The python script below is converting the contents of the played_at field from Unix Timestamp to normal Date and Time
Then fianlly takeing the converted data into a csv file which will be overwritten every time this script is ran.

In [None]:
from pyspark.sql import SparkSession
from pyspark.sql import functions as F

# Initialize Spark Session
spark = SparkSession.builder.appName("SpotifyDataNormalization").getOrCreate()

# Read data into a dataframe
df = spark.read.option("multiline", "true").json("all_recent_tracks.json")

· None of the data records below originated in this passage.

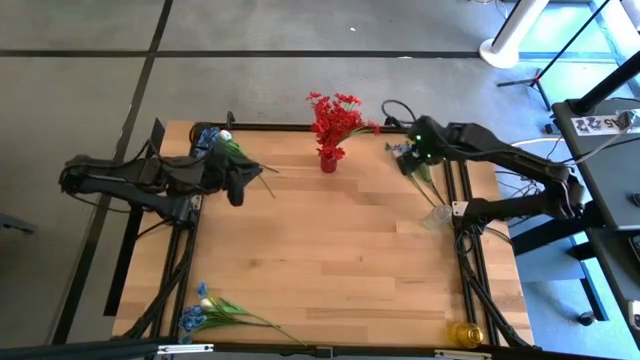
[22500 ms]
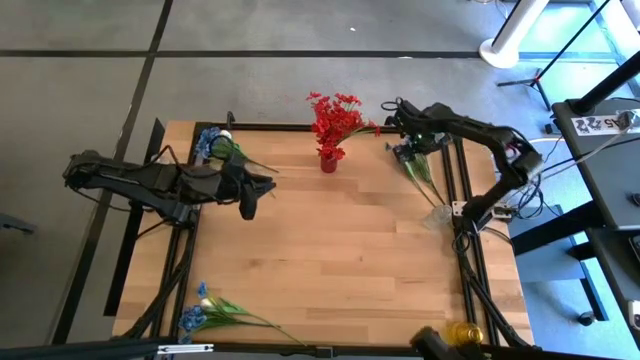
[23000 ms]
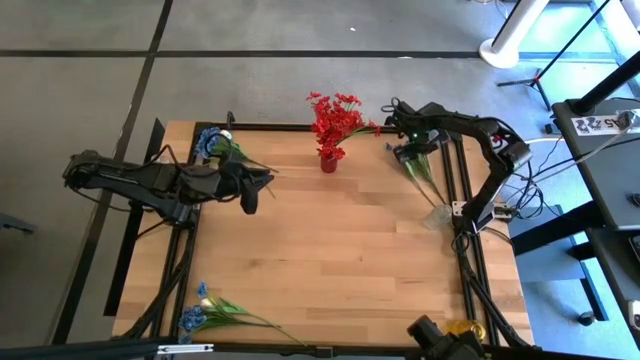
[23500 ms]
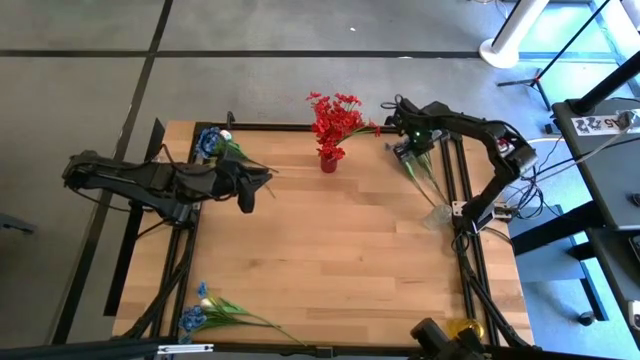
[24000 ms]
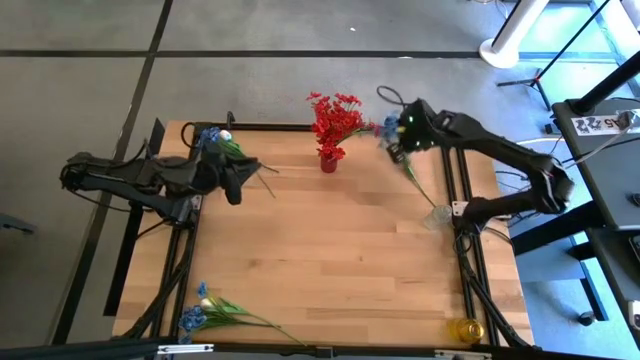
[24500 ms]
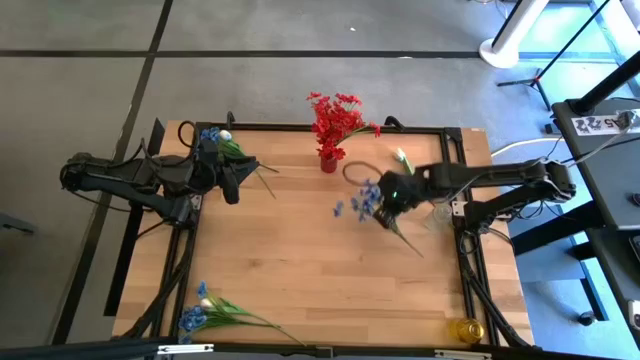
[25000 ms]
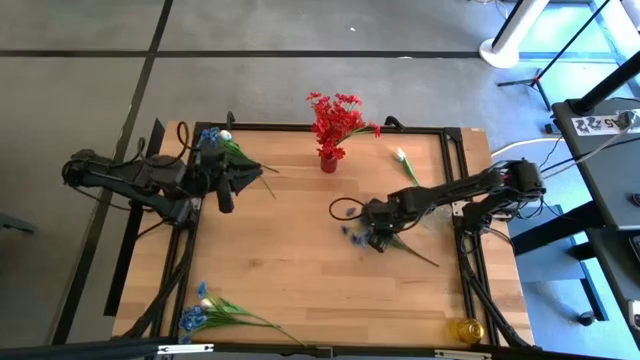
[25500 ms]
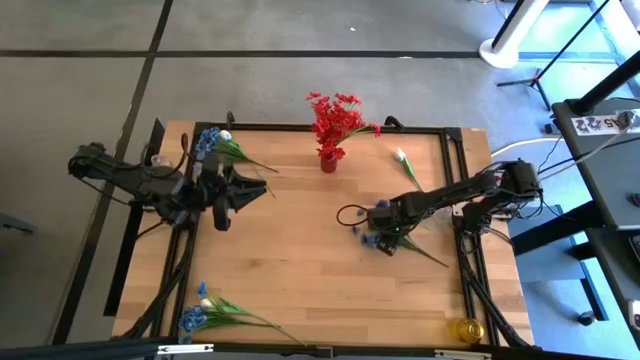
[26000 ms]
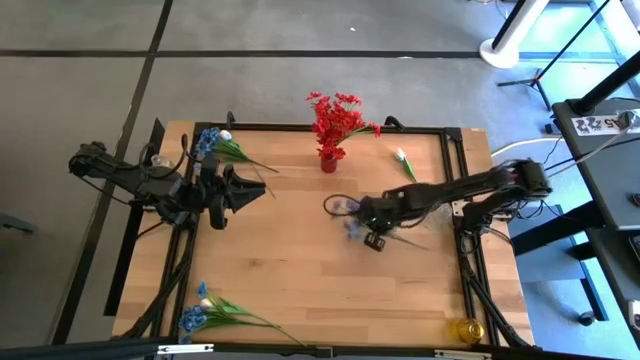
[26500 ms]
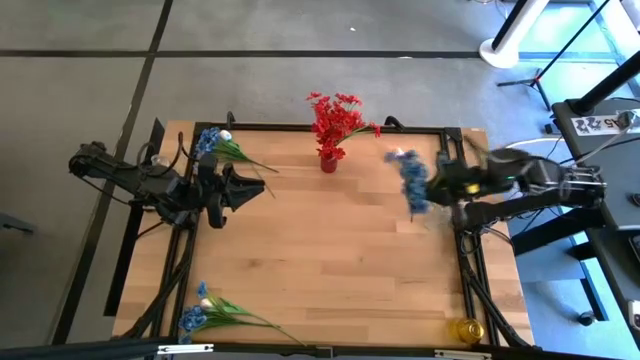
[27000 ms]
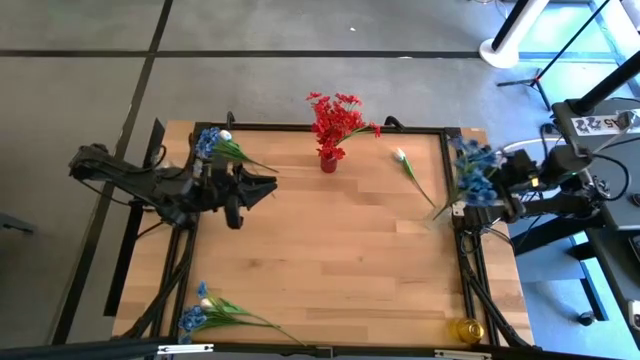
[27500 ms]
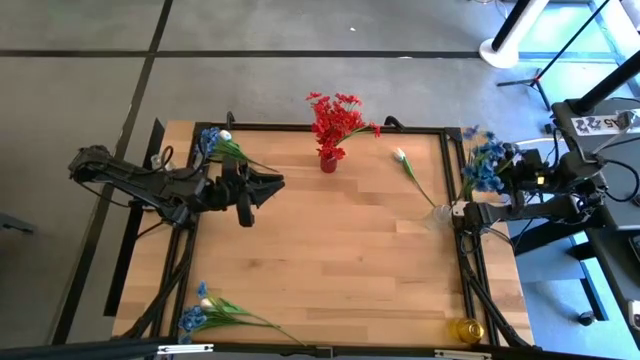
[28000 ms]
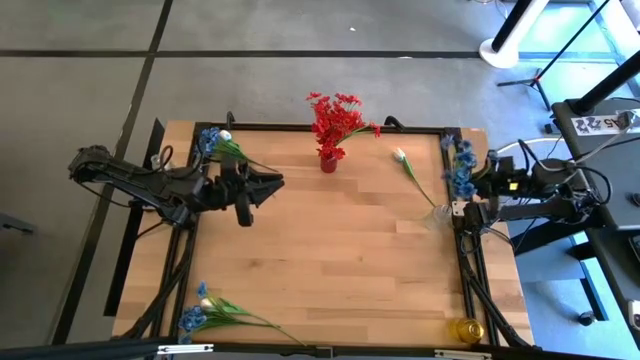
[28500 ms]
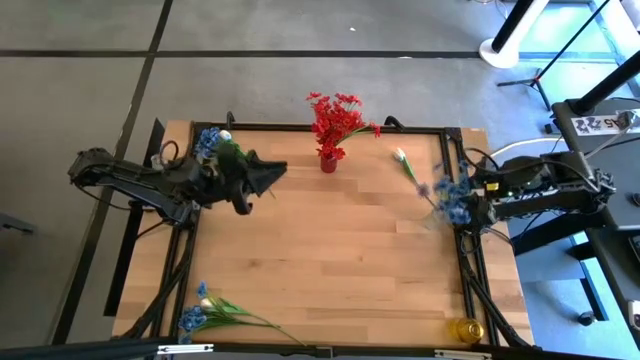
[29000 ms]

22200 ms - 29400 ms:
Task: Sort flowers into vase by color
Put the top right blue flowers into the transparent vase

# Convert timestamp to normal date and time 
df = df.withColumn("played_at", F.from_unixtime(F.col("played_at") / 1000, "yyyy-MM-dd HH:mm:ss"))

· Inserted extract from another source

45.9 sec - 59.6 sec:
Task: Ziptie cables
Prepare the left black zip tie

# Creating A CSV file of the transformed data
df.coalesce(1).write.option("header", "true").mode("overwrite").csv("clean_tracks.csv")

# Show the transformed column 'played_at'
df.select("played_at").show(truncate=False)


+-------------------+
|played_at          |
+-------------------+
|2025-03-29 01:30:46|
|2025-03-29 01:32:49|
|2025-03-29 01:35:48|
|2025-03-29 01:37:49|
|2025-03-29 01:42:10|
|2025-03-29 01:45:10|
|2025-03-29 01:48:15|
|2025-03-29 01:51:23|
|2025-03-29 01:54:55|
|2025-03-29 01:57:53|
|2025-03-29 02:00:28|
|2025-03-29 02:02:31|
|2025-03-29 02:05:23|
|2025-03-29 02:07:52|
|2025-03-29 02:10:10|
|2025-03-29 02:12:11|
|2025-03-29 02:16:11|
|2025-03-29 02:19:38|
|2025-03-29 02:22:25|
|2025-03-29 02:25:22|
+-------------------+
only showing top 20 rows



This script although commented plays a crucial role in some projects with it's intedned purpose being to move the needed CSV file out of the folder pyspark created after the creation of the CSV file containing the transformed data.
Why is it commented ? some may ask , well the name of the file changes each time the script is re-ran so the path of the file keeps changing and given the fact the data is aimed to keep growing, this is not feasible for this project.

In [None]:
""" import shutil
# Move the part file to desired location
part_file = "clean_tracks.csv\part-00000-e767b6d4-f389-44a7-91b0-dec958759f38-c000.csv"
destination = "clean_recent_tracks.csv"
shutil.move(part_file,destination) """


  """ import shutil


' import shutil\n# Move the part file to desired location\npart_file = "clean_tracks.csv\\part-00000-e767b6d4-f389-44a7-91b0-dec958759f38-c000.csv"\ndestination = "clean_recent_tracks.csv"\nshutil.move(part_file,destination) '

The script below trims down the id for a track into just the numbers , yes the spotify:track: may be part of the id .
I used this as a way to strech my skills in spliting entries and indexing.

In [12]:
df2 = spark.read.option("multiline", "true").json("all_top_tracks.json")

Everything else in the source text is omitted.